Londra merkezli bağımsız bir araştırma grubu olan Forensic Architecture’ın araştırmasına dikkat çeken Guardian, kurumun, Gazze’de tarım arazilerinin ve altyapının tahrip edilmesini 'kasıtlı bir ekokırım eylemi' olarak nitelediğini belirtiyor.
İsrail’in hedef aldığı çiftlikler ve seraların, onlarca yıldır kuşatma altında olan Gazzeliler için yerel gıda üretiminin temelini oluşturduğunu belirten Forensic Architecture, “Bu sistematik tarımsal yıkımın etkileri, Gazze’de Filistinlilerin hayatta kalması için kritik kaynaklardan bilinçli olarak mahrum bırakılmasıyla daha da kötüleşiyor” diyor.
Filistin Sivil Çevre Örgütleri Ağı Koordinatörü Abeer Butmeh’e göre ise “İsrail işgali Gazze’deki tüm yaşamsal unsurlara ve tüm çevresel unsurlara tamamen zarar verdi; tarımı ve yaban hayatını tamamen yok etti. Olan şey kesinlikle ekokırımdır. Bu Gazze’deki çevreye uzun vadede, sadece kısa vadede değil, zarar veriyor.”

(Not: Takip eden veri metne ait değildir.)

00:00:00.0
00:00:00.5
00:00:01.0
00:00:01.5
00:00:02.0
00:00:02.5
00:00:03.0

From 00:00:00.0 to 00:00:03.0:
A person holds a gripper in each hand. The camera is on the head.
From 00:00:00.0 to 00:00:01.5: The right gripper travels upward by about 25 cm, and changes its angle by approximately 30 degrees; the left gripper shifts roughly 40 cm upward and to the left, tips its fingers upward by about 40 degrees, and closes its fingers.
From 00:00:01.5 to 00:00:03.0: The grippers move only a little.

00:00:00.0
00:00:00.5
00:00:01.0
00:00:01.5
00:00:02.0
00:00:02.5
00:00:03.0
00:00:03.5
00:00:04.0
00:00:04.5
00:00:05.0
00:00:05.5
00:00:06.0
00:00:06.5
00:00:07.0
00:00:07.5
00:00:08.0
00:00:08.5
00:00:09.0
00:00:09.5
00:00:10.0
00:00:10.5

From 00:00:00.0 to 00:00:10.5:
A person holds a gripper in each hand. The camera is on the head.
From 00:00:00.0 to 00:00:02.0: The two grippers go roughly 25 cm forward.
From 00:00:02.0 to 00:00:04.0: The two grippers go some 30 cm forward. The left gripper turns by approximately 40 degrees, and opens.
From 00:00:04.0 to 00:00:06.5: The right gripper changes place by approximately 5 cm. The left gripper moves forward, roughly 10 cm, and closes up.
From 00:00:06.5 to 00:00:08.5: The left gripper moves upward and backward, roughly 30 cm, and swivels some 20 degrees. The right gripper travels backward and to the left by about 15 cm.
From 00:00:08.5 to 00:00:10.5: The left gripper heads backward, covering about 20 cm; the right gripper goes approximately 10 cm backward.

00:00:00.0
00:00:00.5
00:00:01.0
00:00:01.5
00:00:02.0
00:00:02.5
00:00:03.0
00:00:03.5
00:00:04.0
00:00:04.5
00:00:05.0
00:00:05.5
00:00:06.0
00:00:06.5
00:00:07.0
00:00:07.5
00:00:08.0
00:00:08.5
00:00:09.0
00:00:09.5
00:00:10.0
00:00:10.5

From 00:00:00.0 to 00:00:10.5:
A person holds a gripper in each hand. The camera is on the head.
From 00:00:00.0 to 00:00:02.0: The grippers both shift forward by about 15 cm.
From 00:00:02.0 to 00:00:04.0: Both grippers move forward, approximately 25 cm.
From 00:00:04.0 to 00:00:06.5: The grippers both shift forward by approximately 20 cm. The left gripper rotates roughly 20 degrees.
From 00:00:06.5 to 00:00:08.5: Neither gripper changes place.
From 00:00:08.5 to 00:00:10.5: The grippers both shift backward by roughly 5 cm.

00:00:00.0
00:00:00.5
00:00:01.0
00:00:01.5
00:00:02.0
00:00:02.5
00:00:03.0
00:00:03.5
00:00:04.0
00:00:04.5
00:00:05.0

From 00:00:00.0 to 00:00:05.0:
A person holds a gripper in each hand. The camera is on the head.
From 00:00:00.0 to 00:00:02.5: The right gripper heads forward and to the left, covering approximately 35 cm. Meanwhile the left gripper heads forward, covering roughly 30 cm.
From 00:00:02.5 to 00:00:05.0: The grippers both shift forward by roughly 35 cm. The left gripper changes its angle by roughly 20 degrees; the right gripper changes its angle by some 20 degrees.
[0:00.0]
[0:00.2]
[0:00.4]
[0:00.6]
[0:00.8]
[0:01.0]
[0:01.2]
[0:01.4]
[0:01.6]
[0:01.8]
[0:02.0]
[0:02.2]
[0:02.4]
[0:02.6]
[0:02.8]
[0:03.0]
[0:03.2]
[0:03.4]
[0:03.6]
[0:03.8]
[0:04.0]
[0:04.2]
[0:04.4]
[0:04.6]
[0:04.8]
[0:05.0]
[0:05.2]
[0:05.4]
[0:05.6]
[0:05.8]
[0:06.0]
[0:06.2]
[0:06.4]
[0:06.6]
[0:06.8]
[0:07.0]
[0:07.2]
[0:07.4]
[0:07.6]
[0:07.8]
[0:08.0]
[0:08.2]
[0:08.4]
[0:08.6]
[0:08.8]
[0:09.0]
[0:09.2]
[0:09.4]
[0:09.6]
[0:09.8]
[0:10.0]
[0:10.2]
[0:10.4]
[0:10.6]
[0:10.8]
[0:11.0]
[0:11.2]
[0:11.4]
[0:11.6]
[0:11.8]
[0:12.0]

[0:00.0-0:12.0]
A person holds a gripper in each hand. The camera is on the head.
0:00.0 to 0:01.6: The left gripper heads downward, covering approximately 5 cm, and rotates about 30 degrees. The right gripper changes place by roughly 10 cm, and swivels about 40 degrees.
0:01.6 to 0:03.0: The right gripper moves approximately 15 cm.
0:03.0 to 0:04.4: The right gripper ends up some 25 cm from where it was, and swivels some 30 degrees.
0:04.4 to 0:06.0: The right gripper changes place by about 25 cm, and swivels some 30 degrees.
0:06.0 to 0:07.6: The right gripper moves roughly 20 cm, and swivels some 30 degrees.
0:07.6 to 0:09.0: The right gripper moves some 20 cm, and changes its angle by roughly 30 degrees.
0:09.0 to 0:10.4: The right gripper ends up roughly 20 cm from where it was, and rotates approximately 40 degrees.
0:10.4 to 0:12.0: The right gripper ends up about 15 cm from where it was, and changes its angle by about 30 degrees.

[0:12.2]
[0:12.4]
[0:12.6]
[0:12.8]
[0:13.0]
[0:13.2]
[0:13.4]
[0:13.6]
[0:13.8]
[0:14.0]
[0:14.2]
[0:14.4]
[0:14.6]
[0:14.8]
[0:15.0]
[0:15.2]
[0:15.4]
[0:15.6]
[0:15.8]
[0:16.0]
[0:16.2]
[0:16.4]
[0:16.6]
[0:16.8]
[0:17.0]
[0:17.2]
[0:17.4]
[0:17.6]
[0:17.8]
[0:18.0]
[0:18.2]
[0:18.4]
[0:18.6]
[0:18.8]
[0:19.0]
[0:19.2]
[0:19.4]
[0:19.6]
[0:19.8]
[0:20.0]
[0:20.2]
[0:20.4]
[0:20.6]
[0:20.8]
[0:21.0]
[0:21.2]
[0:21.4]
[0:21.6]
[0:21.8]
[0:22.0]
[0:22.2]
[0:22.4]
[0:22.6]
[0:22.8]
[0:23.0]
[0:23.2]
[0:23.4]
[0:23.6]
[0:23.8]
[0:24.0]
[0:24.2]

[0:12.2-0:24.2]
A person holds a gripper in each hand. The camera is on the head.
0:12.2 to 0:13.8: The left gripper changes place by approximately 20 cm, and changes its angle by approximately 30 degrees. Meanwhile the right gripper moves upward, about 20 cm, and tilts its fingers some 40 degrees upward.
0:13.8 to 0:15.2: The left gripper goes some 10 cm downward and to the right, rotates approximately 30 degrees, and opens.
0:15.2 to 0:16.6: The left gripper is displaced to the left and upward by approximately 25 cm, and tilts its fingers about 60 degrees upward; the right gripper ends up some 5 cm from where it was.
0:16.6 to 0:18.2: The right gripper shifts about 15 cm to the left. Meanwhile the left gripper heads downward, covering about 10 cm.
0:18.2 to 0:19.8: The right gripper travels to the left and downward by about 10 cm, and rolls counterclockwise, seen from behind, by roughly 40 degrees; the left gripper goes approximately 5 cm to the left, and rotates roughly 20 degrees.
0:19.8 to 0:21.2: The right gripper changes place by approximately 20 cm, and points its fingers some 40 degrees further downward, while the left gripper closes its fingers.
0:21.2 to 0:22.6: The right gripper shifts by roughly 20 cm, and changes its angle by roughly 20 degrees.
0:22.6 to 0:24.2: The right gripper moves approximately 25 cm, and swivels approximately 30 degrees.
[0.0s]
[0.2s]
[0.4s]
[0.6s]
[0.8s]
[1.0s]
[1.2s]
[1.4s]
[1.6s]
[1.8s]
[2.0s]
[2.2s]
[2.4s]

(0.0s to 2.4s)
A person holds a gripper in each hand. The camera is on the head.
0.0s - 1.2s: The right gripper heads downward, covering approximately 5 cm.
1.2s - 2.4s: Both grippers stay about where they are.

Gazze’deki yıkımın boyutu ve uzun vadeli etkileri, bunun potansiyel bir savaş suçu olarak soruşturulması, çevreye kasıtlı zarar vermeyi içeren ‘ekokırım’ olarak sınıflandırılması çağrılarına yol açtı. Bu terim uluslararası hukukta henüz resmi olarak tanınmasa da, İsrail’in Gazze saldırılarının çevresel etkilerini tanımlamak için kullanılıyor.